======== Data extracts ========

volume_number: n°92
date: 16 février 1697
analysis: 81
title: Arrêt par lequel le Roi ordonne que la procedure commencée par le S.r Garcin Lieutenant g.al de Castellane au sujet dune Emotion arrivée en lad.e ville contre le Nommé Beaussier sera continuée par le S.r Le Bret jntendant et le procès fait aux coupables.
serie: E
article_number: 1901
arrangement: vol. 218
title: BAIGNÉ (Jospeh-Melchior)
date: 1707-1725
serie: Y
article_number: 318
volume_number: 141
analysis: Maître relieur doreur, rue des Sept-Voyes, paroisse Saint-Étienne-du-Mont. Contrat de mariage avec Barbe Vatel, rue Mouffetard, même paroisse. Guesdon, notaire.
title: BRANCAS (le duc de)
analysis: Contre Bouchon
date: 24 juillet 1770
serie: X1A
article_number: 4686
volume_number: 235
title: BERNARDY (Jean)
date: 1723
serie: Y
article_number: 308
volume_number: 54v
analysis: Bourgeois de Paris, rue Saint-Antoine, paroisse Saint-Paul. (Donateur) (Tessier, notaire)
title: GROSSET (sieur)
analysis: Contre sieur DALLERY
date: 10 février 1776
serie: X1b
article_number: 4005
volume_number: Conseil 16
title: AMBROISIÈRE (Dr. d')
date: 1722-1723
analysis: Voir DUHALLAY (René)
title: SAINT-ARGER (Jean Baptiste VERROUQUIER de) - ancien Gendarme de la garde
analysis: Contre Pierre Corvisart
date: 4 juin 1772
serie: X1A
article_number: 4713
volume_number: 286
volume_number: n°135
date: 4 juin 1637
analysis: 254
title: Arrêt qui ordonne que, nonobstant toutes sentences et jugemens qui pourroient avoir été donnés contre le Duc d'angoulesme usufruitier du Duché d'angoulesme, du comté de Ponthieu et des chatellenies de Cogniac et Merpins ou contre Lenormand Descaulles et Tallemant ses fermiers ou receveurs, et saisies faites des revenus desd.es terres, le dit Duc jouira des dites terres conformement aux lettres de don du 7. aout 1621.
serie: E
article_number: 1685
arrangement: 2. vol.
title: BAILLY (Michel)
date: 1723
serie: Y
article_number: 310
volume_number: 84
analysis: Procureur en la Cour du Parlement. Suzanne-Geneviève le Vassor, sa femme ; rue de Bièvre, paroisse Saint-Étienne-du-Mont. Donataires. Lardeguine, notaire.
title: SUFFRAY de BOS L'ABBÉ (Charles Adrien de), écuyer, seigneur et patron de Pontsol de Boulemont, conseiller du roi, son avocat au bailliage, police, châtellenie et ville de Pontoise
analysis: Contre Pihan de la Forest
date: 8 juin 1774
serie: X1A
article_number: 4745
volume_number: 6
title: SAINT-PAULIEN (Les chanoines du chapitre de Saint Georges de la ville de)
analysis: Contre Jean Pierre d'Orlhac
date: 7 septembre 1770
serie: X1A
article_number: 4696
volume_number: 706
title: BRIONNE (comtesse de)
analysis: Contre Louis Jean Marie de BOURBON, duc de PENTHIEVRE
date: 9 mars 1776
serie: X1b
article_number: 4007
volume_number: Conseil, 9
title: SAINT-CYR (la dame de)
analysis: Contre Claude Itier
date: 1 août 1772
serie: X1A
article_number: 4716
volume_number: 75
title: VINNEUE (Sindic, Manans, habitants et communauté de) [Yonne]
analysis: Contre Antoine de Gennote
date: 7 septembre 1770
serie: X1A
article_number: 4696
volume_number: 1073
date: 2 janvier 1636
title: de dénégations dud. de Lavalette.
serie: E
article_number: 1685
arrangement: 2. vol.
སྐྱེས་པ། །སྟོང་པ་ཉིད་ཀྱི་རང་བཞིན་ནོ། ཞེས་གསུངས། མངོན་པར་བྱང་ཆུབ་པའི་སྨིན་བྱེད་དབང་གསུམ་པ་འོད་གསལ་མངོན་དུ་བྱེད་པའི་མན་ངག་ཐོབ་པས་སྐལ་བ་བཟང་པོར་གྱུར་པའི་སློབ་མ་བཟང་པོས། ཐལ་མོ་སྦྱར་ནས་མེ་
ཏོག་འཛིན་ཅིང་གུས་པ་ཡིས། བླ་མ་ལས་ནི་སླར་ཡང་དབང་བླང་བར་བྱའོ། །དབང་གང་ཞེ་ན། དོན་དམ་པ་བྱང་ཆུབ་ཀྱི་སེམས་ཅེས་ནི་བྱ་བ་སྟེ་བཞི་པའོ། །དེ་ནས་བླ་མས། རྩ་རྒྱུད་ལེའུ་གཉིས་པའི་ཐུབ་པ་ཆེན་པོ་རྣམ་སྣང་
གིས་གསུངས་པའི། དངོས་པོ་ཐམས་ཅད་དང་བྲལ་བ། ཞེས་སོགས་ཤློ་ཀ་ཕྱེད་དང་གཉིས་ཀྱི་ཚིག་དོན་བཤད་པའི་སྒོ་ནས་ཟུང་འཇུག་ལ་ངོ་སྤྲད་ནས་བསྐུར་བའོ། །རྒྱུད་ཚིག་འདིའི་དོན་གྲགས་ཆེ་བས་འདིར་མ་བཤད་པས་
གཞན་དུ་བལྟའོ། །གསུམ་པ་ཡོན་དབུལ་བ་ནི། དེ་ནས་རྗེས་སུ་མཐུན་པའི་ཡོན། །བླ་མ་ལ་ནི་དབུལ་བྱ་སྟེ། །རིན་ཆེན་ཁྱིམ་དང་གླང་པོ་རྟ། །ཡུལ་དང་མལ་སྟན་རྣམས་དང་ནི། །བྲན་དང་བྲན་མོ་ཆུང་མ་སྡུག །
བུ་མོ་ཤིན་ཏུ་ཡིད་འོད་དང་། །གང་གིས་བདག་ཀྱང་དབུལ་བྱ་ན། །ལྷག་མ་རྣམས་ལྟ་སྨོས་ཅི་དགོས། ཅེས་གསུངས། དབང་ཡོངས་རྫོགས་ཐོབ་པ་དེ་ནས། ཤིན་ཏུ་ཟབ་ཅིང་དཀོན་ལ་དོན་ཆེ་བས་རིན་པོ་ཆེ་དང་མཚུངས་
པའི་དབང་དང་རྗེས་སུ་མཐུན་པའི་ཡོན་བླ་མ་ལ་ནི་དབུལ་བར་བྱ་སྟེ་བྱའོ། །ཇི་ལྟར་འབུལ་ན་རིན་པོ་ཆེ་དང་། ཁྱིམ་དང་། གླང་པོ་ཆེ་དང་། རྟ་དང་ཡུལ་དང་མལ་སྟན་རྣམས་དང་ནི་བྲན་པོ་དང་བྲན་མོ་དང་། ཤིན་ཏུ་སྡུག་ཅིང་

========

▶ [Your assignment] Print, from the entries above, the line with "volume_number: 141", the line with "article_number: 308" and all lines between them, exactly and with nothing else.

▶ [Response to this task]
volume_number: 141
analysis: Maître relieur doreur, rue des Sept-Voyes, paroisse Saint-Étienne-du-Mont. Contrat de mariage avec Barbe Vatel, rue Mouffetard, même paroisse. Guesdon, notaire.
title: BRANCAS (le duc de)
analysis: Contre Bouchon
date: 24 juillet 1770
serie: X1A
article_number: 4686
volume_number: 235
title: BERNARDY (Jean)
date: 1723
serie: Y
article_number: 308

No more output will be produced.